As I got to my senior year in high school my dislike for Valentine's slowly dwindled to a slight annoyance. It was still, at that point, mainly about pleasing the most popular girl on campus. There was still always one or two people that had the most bouquets or balloons they were walking around with. But I just started to ignore it and focus on myself, my family, and friends. Valentine's Day isn't special and it shouldn't be special. I decided if people make it special because they suddenly get spoiled and get a lot of attention from their significant other, then they obviously aren't appreciated or appreciative of that significant other. I took on this perspective at the end of high school, but it was further solidified when I started dating Jeremy.

Sure, I'll admit that I enjoyed the first Valentine's Day date with Jeremy—our first couple of months together. It was my first time being treated special on Valentine's. It was my first time having a guy plan out an entire surprise date for me. I think Jeremy saved the surprise date for Valentine's Day for that exact reason. He was well aware I'd never had a boyfriend before. So, yes, Valentine's Day 2014 was extremely special to me and I liked being spoiled. I liked being taken to a nice Mexican restaurant and then taken to an observatory and getting flowers and some chocolate. But even before that date, Jeremy already made me feel special. He already did little things to show he cared and he would always leave me little gifts—even if it was just a sticky note or a message on Facebook or even a text message—for me to wake up to. So when my first Valentine's Day where I got a cute, handsome, charming man to myself to spoil me happened...well, I loved it. I felt special.

But I also had already felt appreciated for every single day before Valentine's that Jeremy and I spent together.

Like I said in my previous Valentine's 2016 Date post...after the special day, Jeremy and I do exchange chocolates or flowers on Valentine's Day. But we also treat it like any other date day that we set aside every month. It's nothing special. It's just a day where I find an excuse to dress up for our date and then we go out and do normal, non-special things. We spend the same amount of money on each other that we usually would and we share our time together. Just like we do every month.
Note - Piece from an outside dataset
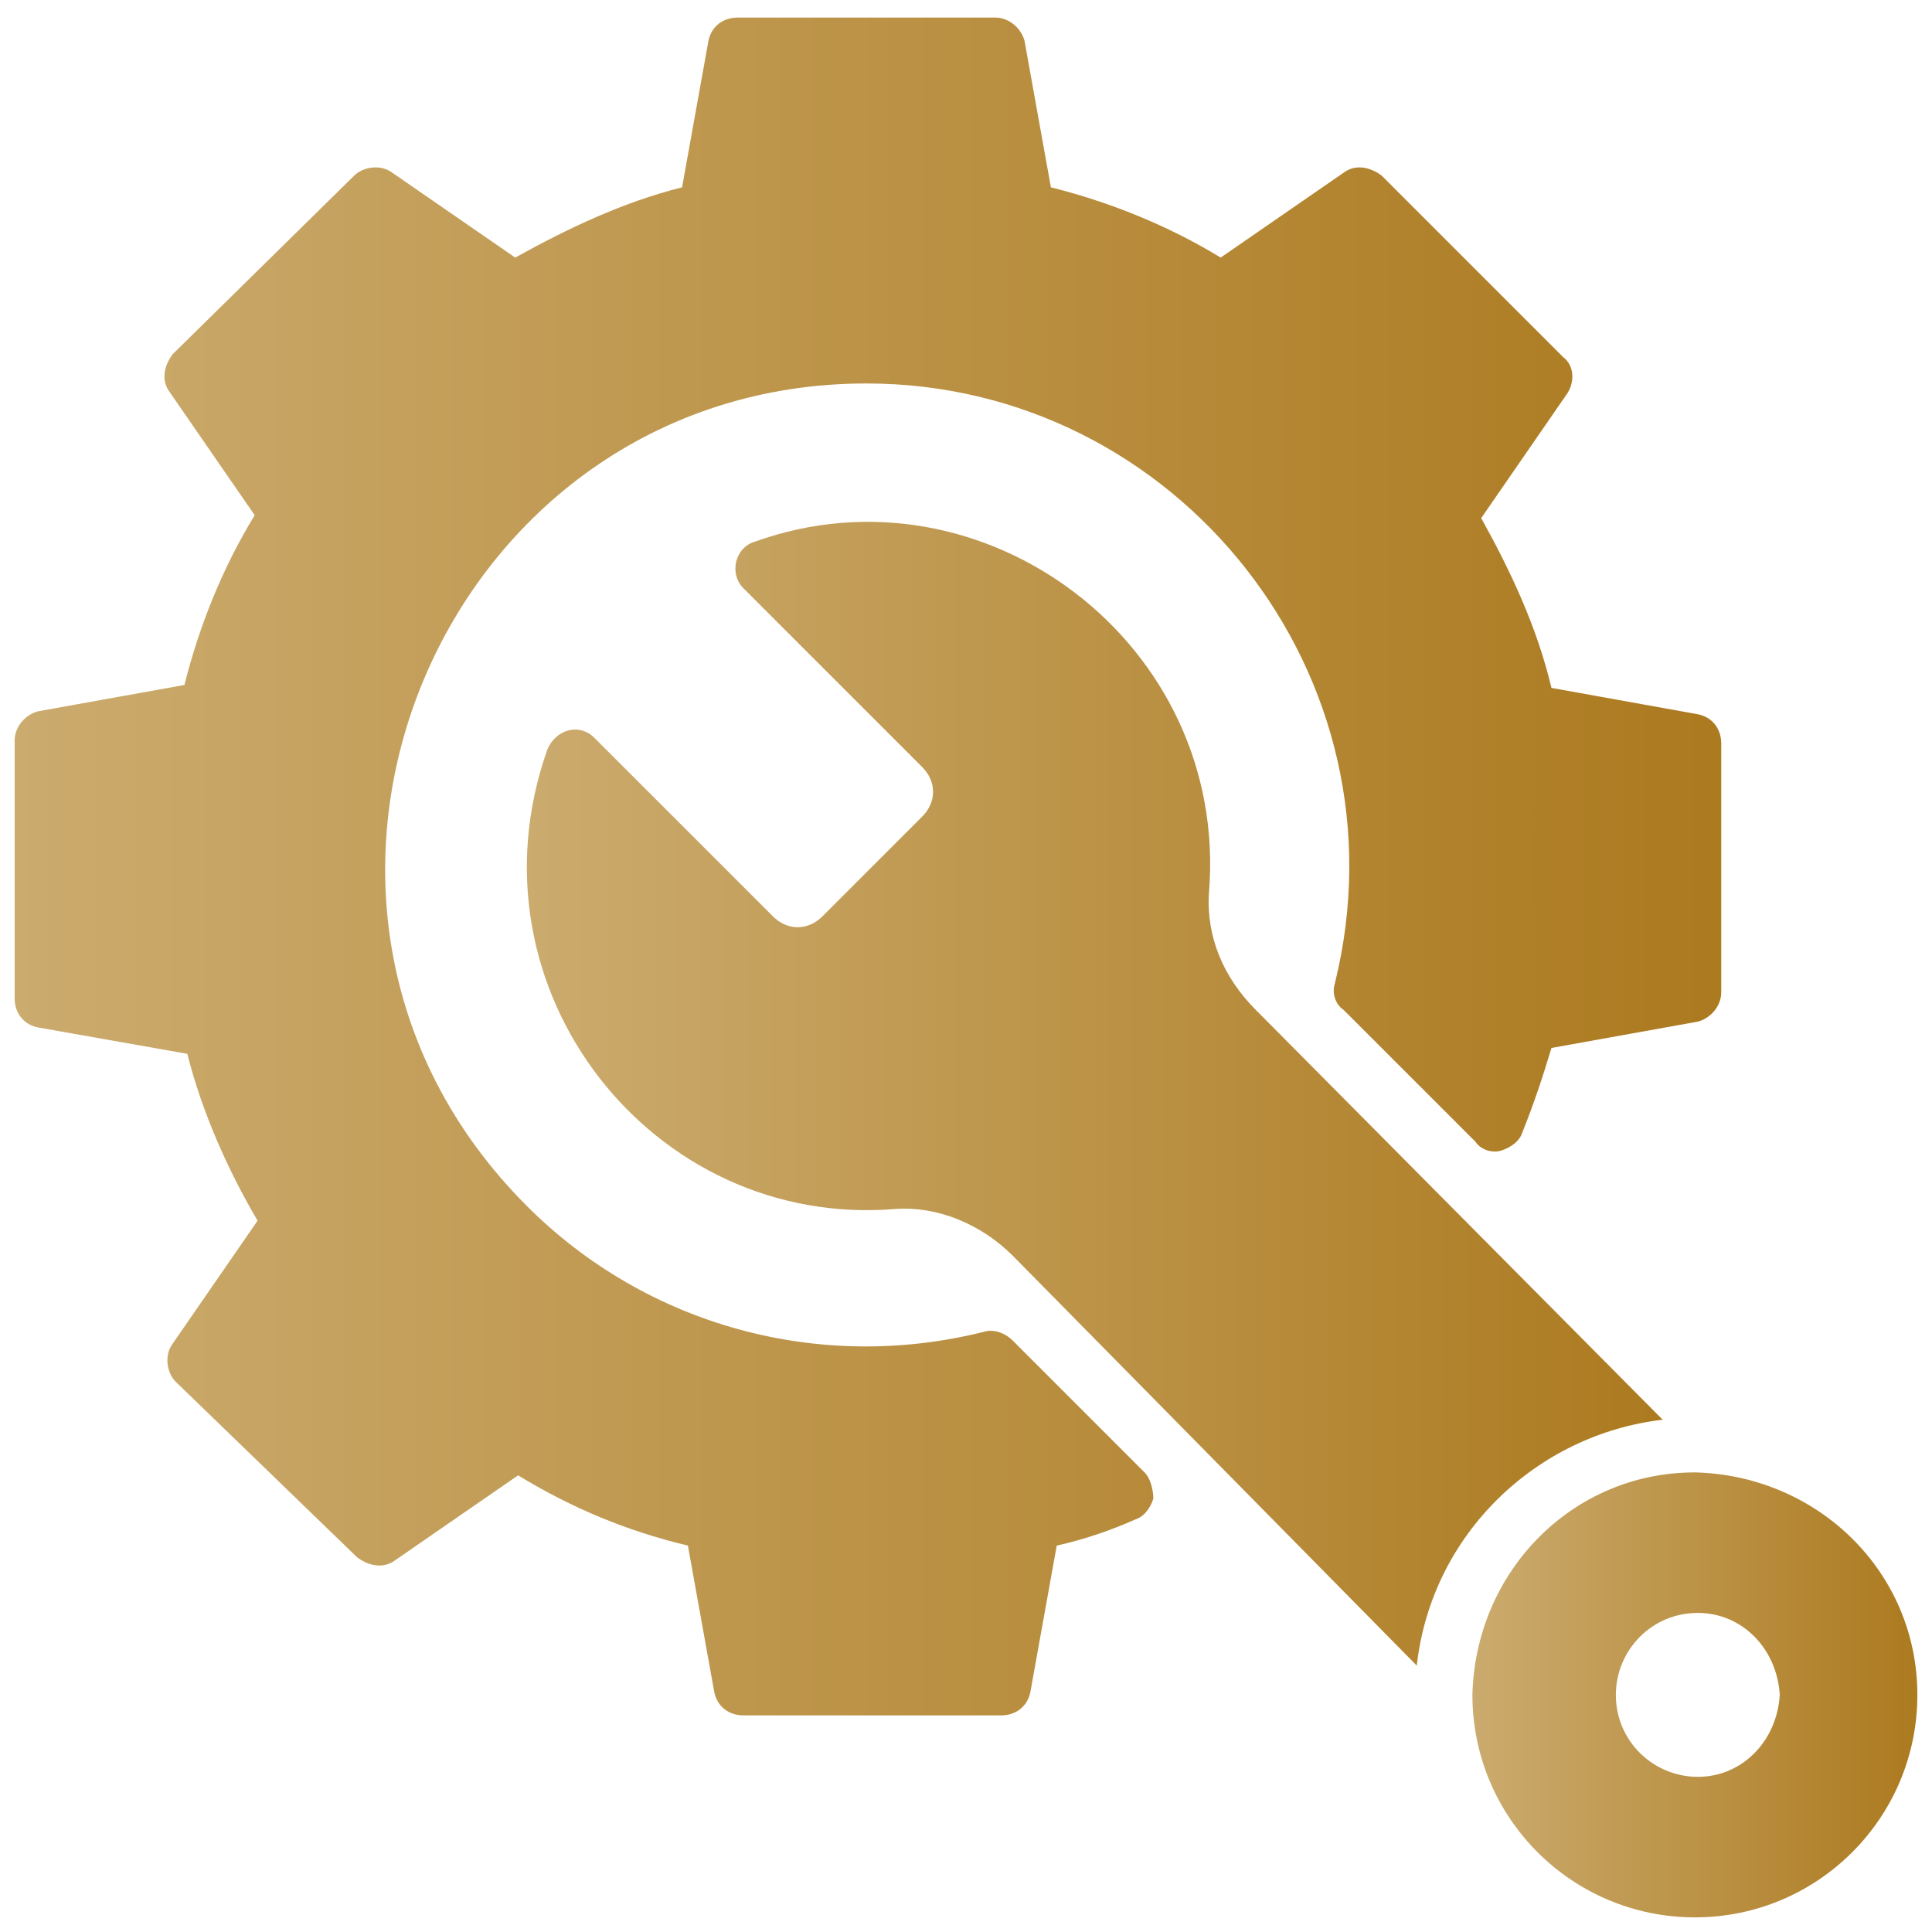 <svg xmlns="http://www.w3.org/2000/svg" width="52" height="52" viewBox="0 0 52 52" fill="none"><g clip-path="url(#clip0_817_1004)"><path d="M46.327 26.709C46.327 27.103 46.012 27.418 45.697 27.497L41.758 28.206C41.521 28.994 41.285 29.703 40.97 30.491C40.891 30.727 40.654 30.885 40.418 30.964C40.182 31.042 39.867 30.964 39.709 30.727L36.164 27.182C35.927 27.024 35.849 26.709 35.927 26.473C37.976 18.2 31.673 10.321 23.321 10.321C11.897 10.321 5.988 24.267 14.182 32.461C17.412 35.691 22.061 36.951 26.473 35.848C26.709 35.77 27.024 35.848 27.261 36.085L30.806 39.63C30.964 39.788 31.042 40.103 31.042 40.339C30.964 40.576 30.806 40.812 30.57 40.891C29.861 41.206 29.151 41.442 28.442 41.6L27.733 45.539C27.654 45.933 27.339 46.17 26.945 46.17H20.012C19.618 46.17 19.303 45.933 19.224 45.539L18.515 41.6C16.861 41.206 15.364 40.576 13.945 39.709L10.636 41.994C10.321 42.23 9.927 42.151 9.612 41.915L4.727 37.188C4.491 36.951 4.412 36.479 4.648 36.164L6.933 32.855C6.145 31.515 5.436 29.939 5.042 28.364L1.024 27.654C0.63 27.576 0.394 27.261 0.394 26.867V19.933C0.394 19.539 0.709 19.224 1.024 19.145L4.964 18.436C5.358 16.86 5.988 15.285 6.855 13.867L4.57 10.557C4.333 10.242 4.412 9.848 4.648 9.533L9.533 4.727C9.77 4.491 10.242 4.412 10.558 4.648L13.867 6.933C15.285 6.145 16.782 5.436 18.358 5.042L19.067 1.103C19.145 0.709 19.461 0.473 19.855 0.473H26.788C27.182 0.473 27.497 0.788 27.576 1.103L28.285 5.042C29.861 5.436 31.436 6.067 32.855 6.933L36.164 4.648C36.479 4.412 36.873 4.491 37.188 4.727L42.073 9.612C42.388 9.848 42.388 10.321 42.151 10.636L39.867 13.945C40.654 15.364 41.364 16.86 41.758 18.515L45.697 19.224C46.091 19.303 46.327 19.618 46.327 20.012V26.709Z" fill="url(#paint0_linear_817_1004)"></path><path d="M44.751 38.212C41.364 38.606 38.527 41.285 38.133 44.83L27.261 33.8C26.394 32.933 25.212 32.461 24.109 32.539C17.57 33.091 12.448 26.63 14.733 20.17C14.97 19.618 15.6 19.461 15.994 19.855L20.8 24.661C21.194 25.055 21.745 25.055 22.139 24.661L24.818 21.982C25.212 21.588 25.212 21.036 24.818 20.642L20.012 15.836C19.618 15.442 19.776 14.733 20.327 14.576C26.473 12.37 33.091 17.333 32.539 24.03C32.461 25.212 32.933 26.315 33.8 27.182L44.751 38.212Z" fill="url(#paint1_linear_817_1004)"></path><path d="M51.606 45.618C51.606 42.309 48.927 39.709 45.618 39.63C42.309 39.63 39.709 42.309 39.63 45.618C39.63 48.927 42.309 51.606 45.618 51.606C48.927 51.606 51.606 48.927 51.606 45.618ZM45.697 47.824C44.515 47.824 43.491 46.878 43.491 45.618C43.491 44.436 44.436 43.412 45.697 43.412C46.879 43.412 47.824 44.357 47.903 45.618C47.824 46.878 46.879 47.824 45.697 47.824Z" fill="url(#paint2_linear_817_1004)"></path></g><defs><linearGradient id="paint0_linear_817_1004" x1="0.394" y1="23.321" x2="46.327" y2="23.321" gradientUnits="userSpaceOnUse"><stop stop-color="#CBAB6E"></stop><stop offset="1" stop-color="#AC7A1F"></stop></linearGradient><linearGradient id="paint1_linear_817_1004" x1="14.18" y1="29.438" x2="44.751" y2="29.438" gradientUnits="userSpaceOnUse"><stop stop-color="#CBAB6E"></stop><stop offset="1" stop-color="#AC7A1F"></stop></linearGradient><linearGradient id="paint2_linear_817_1004" x1="39.63" y1="45.618" x2="51.606" y2="45.618" gradientUnits="userSpaceOnUse"><stop stop-color="#CBAB6E"></stop><stop offset="1" stop-color="#AC7A1F"></stop></linearGradient><clipPath id="clip0_817_1004"><rect width="52" height="52" fill="white"></rect></clipPath></defs></svg>

I still think of Valentine's Day as a commercial holiday. It's a day where stores prey on couples who feel insecure in their relationships or who just feel like they haven't been spending enough time together. But why use Valentine's Day as the excuse to suddenly start spending time together? To realize how you're loving your significant other? Spend every day treating them special. You don't need to spend a crap ton of money on someone in order to do that. Gifts, flowers, chocolates, and items with red hearts aren't required to make someone feel special. Just your love and undivided attention, and a tad bit of quality time. Gifts are nice, but they don't mean everything. Especially if it's a white teddy bear holding a heart that says "I LOVE YOU" that'll just collect dust on a shelf or the back of the closet when the month of February is over.